#### TRY IT:
In the records that follow, find each line with the word "next" and copy it.

#### Stored dataset items:
• • • • • • •

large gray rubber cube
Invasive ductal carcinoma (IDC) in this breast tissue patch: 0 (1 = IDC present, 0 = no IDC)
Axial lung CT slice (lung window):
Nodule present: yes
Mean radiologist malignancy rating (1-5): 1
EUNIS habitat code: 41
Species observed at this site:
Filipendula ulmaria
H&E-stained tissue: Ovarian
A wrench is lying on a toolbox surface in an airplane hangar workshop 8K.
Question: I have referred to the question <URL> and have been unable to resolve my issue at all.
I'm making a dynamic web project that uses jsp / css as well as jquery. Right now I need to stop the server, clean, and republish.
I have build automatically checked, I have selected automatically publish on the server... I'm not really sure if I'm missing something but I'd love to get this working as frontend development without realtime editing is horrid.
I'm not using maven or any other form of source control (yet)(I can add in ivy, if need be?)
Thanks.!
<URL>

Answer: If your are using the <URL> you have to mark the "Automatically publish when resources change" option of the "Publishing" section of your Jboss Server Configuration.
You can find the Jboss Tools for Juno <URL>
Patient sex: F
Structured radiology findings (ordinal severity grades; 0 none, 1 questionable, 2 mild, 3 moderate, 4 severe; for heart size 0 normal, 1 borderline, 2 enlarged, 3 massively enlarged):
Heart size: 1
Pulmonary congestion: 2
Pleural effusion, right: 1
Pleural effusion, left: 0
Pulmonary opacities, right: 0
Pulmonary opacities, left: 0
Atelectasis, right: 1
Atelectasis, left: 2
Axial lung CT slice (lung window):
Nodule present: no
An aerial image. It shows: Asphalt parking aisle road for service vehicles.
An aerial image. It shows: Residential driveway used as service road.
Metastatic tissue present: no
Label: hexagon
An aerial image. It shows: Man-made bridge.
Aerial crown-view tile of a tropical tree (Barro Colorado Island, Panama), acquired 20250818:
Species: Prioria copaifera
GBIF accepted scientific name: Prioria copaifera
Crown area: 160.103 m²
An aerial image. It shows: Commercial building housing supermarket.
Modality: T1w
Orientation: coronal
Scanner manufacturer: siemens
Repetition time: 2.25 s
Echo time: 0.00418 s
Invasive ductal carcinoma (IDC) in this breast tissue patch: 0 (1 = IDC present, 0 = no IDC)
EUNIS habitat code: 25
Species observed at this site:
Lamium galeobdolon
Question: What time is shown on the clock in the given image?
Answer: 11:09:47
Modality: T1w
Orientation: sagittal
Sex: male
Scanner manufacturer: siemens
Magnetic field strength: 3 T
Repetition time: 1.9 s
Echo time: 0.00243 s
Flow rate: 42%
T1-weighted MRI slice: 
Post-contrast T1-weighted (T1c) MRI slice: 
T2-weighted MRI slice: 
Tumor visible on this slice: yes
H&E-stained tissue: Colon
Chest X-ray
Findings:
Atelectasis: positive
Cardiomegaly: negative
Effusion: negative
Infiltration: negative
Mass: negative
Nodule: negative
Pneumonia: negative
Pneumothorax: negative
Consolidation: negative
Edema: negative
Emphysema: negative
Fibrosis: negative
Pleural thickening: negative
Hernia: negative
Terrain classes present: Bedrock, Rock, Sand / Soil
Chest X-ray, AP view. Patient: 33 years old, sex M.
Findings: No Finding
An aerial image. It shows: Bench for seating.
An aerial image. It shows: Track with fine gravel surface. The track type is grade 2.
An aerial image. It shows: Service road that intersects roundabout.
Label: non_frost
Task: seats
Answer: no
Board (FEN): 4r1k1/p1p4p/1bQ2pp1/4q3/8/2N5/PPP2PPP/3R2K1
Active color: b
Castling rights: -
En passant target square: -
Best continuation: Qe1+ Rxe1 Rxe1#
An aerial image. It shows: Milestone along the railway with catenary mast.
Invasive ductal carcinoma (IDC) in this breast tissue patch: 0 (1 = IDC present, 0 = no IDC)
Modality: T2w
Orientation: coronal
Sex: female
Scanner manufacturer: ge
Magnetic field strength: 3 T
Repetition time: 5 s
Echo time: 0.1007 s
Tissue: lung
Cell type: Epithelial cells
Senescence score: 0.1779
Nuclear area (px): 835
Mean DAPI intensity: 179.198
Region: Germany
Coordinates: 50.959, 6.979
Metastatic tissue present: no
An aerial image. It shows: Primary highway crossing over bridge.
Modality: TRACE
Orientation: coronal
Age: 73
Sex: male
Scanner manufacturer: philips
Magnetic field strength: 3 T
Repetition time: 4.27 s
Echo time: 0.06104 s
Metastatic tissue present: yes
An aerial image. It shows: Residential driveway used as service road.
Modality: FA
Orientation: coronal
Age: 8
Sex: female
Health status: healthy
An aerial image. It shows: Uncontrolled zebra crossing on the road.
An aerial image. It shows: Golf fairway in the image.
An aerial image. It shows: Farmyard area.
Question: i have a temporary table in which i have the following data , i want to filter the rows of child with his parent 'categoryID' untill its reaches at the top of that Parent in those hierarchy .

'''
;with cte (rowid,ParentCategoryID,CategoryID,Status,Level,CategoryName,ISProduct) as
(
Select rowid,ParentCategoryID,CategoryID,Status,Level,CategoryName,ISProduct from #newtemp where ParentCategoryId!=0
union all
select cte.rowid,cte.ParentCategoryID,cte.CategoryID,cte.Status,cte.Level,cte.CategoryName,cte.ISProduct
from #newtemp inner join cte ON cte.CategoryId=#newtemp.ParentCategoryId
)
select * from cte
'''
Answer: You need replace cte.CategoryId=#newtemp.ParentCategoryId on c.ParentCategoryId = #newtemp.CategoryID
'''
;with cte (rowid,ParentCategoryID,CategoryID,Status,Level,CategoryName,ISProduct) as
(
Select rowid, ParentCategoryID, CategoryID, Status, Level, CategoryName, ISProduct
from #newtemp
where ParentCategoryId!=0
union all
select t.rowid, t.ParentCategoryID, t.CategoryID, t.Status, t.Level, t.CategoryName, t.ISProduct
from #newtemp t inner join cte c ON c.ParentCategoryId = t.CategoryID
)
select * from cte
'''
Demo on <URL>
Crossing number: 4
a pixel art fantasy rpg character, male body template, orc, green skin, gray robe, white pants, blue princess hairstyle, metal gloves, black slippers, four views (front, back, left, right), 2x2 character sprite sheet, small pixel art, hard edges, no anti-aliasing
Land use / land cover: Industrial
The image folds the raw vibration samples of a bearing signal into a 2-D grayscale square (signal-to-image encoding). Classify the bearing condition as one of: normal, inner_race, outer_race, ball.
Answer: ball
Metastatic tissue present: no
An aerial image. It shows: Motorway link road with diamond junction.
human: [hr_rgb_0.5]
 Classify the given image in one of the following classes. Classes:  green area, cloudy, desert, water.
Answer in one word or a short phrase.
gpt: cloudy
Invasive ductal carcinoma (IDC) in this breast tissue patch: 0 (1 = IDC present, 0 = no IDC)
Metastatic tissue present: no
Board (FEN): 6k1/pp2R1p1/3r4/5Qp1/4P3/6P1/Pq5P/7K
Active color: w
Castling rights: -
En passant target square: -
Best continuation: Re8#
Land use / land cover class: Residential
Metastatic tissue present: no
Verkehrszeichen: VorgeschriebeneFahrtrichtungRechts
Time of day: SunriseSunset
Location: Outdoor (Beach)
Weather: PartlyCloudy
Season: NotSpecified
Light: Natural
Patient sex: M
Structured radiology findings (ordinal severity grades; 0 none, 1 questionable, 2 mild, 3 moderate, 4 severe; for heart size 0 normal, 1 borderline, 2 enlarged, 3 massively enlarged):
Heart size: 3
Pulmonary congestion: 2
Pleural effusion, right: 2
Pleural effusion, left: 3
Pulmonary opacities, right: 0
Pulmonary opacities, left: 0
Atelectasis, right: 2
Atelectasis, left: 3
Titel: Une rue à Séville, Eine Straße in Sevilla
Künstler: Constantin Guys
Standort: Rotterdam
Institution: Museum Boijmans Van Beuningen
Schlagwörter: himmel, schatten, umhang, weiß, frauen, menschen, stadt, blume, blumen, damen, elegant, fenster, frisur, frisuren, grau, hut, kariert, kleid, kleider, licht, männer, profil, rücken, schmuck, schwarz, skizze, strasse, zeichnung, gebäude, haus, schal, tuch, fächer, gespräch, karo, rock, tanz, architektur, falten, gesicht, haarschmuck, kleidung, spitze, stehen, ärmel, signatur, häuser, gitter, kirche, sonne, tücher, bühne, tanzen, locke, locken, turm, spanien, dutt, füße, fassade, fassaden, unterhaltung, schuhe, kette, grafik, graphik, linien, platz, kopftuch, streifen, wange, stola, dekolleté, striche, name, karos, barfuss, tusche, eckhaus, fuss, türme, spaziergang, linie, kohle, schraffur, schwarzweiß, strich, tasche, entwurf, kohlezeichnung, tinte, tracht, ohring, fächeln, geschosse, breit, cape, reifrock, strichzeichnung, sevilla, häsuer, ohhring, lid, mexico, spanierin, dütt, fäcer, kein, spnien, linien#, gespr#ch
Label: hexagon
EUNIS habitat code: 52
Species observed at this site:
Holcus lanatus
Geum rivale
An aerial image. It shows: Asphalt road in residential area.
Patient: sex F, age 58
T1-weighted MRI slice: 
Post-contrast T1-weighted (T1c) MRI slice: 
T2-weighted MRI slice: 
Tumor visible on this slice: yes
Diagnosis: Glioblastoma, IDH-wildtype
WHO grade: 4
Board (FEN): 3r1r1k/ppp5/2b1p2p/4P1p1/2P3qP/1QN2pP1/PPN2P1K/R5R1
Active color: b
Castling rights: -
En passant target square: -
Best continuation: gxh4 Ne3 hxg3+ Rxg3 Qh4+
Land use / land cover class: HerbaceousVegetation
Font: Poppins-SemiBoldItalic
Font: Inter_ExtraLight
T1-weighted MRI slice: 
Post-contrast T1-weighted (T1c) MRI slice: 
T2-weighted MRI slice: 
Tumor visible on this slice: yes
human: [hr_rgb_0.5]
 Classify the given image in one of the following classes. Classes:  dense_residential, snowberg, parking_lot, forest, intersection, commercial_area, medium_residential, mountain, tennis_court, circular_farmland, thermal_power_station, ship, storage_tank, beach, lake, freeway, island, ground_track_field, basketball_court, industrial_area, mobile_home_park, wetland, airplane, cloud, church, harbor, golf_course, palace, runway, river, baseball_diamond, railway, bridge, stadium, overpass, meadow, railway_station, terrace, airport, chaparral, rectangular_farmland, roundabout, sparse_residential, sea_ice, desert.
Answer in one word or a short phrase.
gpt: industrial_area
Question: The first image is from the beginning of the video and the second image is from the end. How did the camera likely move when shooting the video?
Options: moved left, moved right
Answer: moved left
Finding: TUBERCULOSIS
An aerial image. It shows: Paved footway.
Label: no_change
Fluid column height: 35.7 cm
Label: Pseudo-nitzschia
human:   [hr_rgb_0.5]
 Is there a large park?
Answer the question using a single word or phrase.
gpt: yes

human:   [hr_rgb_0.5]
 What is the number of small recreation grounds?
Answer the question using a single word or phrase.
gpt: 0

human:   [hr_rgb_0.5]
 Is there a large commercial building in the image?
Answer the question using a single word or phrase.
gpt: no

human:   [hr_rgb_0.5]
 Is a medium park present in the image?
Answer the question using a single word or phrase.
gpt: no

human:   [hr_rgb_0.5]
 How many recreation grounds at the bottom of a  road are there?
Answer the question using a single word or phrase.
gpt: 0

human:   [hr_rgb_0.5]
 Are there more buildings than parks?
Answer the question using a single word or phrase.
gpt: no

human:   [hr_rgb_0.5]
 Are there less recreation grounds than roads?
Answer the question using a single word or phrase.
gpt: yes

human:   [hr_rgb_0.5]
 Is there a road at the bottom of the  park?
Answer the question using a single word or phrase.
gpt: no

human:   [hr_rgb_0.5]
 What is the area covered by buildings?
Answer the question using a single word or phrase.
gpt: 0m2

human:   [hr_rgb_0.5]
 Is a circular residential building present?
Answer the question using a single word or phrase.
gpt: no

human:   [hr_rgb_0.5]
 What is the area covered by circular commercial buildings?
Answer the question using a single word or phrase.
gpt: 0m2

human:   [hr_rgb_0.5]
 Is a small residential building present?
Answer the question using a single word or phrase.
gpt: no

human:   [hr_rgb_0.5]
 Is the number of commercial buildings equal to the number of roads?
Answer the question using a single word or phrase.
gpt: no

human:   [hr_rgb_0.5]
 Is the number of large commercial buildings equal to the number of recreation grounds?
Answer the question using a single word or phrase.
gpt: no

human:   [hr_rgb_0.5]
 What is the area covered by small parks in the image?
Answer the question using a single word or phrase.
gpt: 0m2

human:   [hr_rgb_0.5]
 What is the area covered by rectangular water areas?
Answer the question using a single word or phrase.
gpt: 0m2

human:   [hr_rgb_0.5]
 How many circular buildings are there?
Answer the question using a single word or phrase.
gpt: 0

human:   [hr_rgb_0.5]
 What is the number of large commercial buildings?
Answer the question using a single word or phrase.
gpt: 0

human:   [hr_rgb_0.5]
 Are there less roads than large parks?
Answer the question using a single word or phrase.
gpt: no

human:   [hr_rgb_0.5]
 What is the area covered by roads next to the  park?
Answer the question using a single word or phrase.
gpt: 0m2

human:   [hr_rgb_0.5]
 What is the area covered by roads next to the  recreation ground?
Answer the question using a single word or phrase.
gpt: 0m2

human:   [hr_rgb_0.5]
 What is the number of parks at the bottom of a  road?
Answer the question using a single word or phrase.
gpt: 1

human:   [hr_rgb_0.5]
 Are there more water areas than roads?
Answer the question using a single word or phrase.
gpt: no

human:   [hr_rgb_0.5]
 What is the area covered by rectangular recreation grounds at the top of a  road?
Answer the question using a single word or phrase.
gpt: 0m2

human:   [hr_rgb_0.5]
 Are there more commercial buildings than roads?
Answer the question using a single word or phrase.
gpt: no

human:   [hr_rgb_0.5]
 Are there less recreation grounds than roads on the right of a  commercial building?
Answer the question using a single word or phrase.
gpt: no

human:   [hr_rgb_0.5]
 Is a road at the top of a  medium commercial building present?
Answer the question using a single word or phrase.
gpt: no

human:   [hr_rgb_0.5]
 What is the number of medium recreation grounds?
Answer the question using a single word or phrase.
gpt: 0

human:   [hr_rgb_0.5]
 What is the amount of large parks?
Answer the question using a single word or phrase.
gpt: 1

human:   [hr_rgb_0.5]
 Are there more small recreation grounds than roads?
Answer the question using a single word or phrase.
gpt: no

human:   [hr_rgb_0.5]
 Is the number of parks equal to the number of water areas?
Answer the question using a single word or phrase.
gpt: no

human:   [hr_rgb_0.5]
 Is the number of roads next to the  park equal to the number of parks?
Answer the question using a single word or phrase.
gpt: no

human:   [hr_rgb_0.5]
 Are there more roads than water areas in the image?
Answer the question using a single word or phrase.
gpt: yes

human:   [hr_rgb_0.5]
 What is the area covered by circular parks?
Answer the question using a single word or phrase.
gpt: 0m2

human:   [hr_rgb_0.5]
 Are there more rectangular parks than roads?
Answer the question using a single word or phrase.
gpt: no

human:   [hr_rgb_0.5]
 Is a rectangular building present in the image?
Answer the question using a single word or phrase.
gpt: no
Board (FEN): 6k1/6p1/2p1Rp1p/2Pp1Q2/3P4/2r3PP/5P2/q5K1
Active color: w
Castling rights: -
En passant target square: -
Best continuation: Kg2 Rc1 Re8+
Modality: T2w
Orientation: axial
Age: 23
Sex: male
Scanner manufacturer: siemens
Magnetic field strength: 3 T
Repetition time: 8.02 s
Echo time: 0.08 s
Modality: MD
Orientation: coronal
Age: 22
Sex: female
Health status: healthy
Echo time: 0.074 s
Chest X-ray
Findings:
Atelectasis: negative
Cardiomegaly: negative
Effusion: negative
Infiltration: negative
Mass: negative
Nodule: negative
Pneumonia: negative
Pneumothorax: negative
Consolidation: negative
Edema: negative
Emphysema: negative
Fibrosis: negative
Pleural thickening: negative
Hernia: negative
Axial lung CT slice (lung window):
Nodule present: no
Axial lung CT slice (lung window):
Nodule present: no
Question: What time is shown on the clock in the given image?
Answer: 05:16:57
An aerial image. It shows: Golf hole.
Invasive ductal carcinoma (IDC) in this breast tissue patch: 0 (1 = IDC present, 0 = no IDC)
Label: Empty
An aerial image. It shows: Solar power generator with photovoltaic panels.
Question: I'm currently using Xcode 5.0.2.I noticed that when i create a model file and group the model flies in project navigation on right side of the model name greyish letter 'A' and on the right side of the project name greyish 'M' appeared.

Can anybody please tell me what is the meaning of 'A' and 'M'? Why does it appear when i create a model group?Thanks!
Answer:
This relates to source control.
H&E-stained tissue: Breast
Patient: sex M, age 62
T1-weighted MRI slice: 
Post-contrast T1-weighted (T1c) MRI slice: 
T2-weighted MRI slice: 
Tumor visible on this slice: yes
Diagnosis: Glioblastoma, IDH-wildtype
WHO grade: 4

• • • • • • •

#### EXERCISE OUTPUT:
 What is the area covered by roads next to the  park?
 What is the area covered by roads next to the  recreation ground?
 Is the number of roads next to the  park equal to the number of parks?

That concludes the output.